The second approach is arguably more closely resembles real-world applications of reinforcement learning: at each step \(T\) the bandit chooses an action and only then they observe the reward. It also has computational advantages, some of which are obvious and others that will become clearer below. An obvious benefit of generating rewards on the fly is the smaller memory costs associated with this approach. Storing a \((T \times K)\) matrix consumes a fair bit of working memory and the for the simulations we will need as much of that as possible.

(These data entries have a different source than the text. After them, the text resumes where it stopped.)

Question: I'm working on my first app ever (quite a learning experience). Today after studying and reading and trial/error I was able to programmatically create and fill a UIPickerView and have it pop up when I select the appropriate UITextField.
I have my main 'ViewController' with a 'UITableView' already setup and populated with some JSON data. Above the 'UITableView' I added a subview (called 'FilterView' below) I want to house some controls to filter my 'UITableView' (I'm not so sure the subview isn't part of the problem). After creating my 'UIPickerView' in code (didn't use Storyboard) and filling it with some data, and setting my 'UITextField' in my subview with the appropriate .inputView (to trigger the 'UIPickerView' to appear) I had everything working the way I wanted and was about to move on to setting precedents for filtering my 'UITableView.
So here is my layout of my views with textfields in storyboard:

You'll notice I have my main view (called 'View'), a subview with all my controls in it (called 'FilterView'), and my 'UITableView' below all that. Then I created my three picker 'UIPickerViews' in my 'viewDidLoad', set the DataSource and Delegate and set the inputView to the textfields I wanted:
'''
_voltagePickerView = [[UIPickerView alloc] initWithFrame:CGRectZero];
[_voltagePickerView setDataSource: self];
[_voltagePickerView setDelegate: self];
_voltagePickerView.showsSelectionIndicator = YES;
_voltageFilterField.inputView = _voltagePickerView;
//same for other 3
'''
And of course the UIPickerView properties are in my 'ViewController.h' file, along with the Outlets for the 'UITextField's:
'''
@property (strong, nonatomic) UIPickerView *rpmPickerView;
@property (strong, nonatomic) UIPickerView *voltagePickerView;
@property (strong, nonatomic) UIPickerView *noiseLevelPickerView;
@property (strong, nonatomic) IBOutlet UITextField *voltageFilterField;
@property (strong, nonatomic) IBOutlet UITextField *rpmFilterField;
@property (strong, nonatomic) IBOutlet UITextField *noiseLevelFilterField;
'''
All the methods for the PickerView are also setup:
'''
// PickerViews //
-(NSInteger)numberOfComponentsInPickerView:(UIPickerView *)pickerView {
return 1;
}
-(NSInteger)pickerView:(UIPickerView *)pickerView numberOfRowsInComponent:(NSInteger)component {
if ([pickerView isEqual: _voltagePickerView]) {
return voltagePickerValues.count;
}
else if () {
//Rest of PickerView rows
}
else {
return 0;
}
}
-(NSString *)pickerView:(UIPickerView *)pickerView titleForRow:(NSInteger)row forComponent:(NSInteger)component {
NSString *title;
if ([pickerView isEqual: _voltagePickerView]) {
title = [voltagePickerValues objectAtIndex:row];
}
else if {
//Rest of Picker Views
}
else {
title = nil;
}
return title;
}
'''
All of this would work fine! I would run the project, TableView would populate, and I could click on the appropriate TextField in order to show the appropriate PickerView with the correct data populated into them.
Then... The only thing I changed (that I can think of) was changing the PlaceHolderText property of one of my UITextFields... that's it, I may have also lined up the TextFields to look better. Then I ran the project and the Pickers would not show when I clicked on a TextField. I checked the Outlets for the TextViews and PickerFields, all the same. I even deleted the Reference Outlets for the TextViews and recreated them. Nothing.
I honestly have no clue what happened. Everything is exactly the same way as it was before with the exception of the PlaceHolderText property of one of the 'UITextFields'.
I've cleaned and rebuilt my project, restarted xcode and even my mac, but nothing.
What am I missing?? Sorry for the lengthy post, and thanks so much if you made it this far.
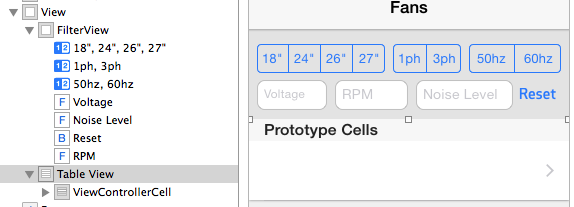
Answer: Instead of deleting I thought I'd answer in hopes it will help others.
I had to change the hardware settings in the simulator. I don't know why but the simulator seems to be bugged.
Unchecking 'Hardware => Keyboard => Connect Hardware Keyboard' in the simulator fixed the problem.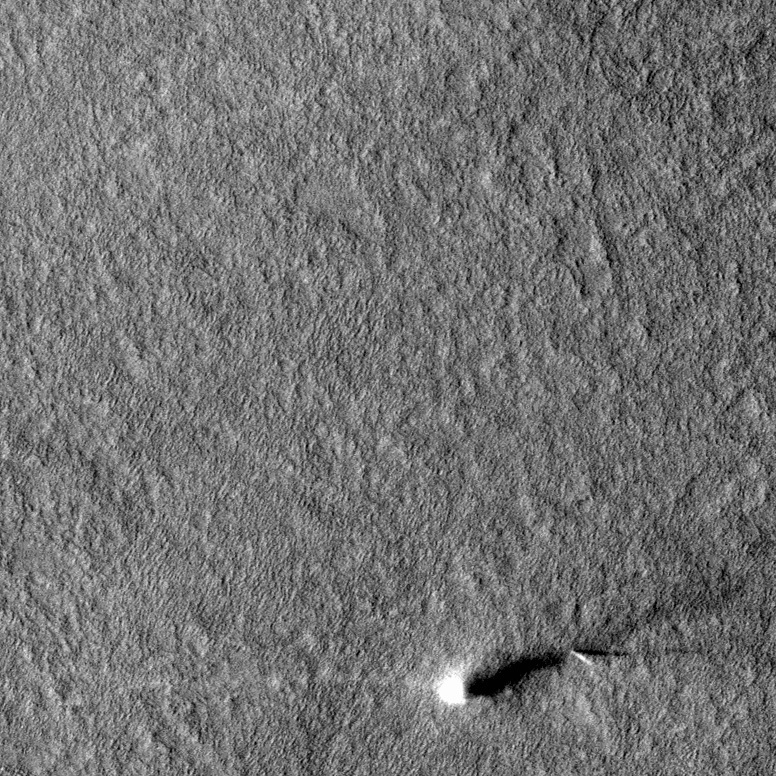
Label: dustdevil, dustdevil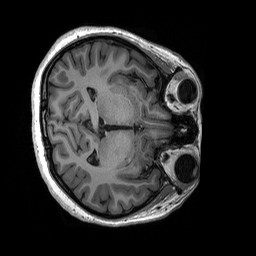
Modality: T1w
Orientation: axial
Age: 27
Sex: female
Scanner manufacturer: siemens
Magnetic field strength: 3 T
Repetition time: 2.53 s
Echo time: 0.00227 s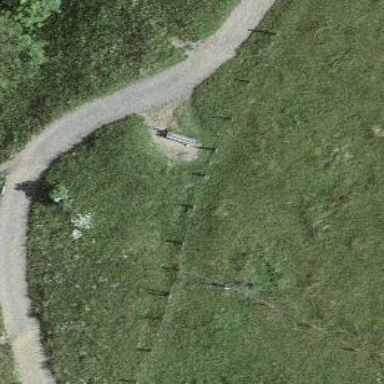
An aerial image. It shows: Bench.

In the end I have therefore opted for the second approach. The mab function below takes basic input parameters concerning the time horizon of the game, the (Bernoulli) probabilities of each arm and their distribution (only implemented for Bernoulli, but easily extended). It returns an S3 class that will be used as the input for the different algorithms below.
#' Multi-Armed Bandit
#'
#' @param prob Bernoulli probabilities.
#' @param horizon Number of trials.
#' @param method Method to use. Only Bernoulli is implemented.
#'
#' @author Patrick Altmeyer
mab <- function(prob, horizon=1000, method="bernoulli") {
# Parameters: ----
K <- length(prob)
v_star <- max(prob)
# Reward generating function: ----
if (method=="bernoulli") {
generate_rewards <- function(prop) {
sapply(
prob,
function(p) {
rbinom(1,1,p)
}
)
}
}
# Output: ----
output <- list(
prob = prob,
generate_rewards = generate_rewards,
v_star = v_star,
K = K,
horizon = horizon,
method = method
)
class(output) <- "mab"
return(output)
}
unpack.mab <- function(mab, envir=parent.env) {
list2env(mab, envir = envir(environment()))
}
unpack <- function(mab, envir=parent.env) {
UseMethod("unpack")
}
The code chunk below shows the implementation of the UCB algorithm in R. This implementation does not make use of Rcpp and is only shown for illustrative purposes. The code is thoroughly commented, so I here only talk to the high-level details. Like all other algorithms that we will see, ucb_R takes an object of class mab as its main input. The optional action_values argument can be used to supply initial values, should we have prior knowledge. By default all action values are initialized as zero. Regret is computed in each period as \(V^*-Q(a_T)\) where \(V^*\) is the optimal choice and \(Q(a_T)\) represents the true reward probability of the arm chosen in period \(T\). In particular, following Chapelle and Li (2011) here we have \(V^*=0.5=Q(a^{(1)})\) and \(Q(a^{(j)})=0.5-\varepsilon\) for all \(j\ne1\), \(j \in [1,K]\). It is easy to see that with this implementation, we can simply take the cumulative sum of the resulting vector of single-period regret to recover the total cumulative regret in period \(T\) as specified in Auer, Cesa-Bianchi, and Fischer (2002), namely
\[ \begin{equation} \begin{aligned} && V^*T- \sum_{j=1}^{K}Q(a^{(j)})N_j(T)&= \\ \end{aligned} \tag{1.1} \end{equation} \]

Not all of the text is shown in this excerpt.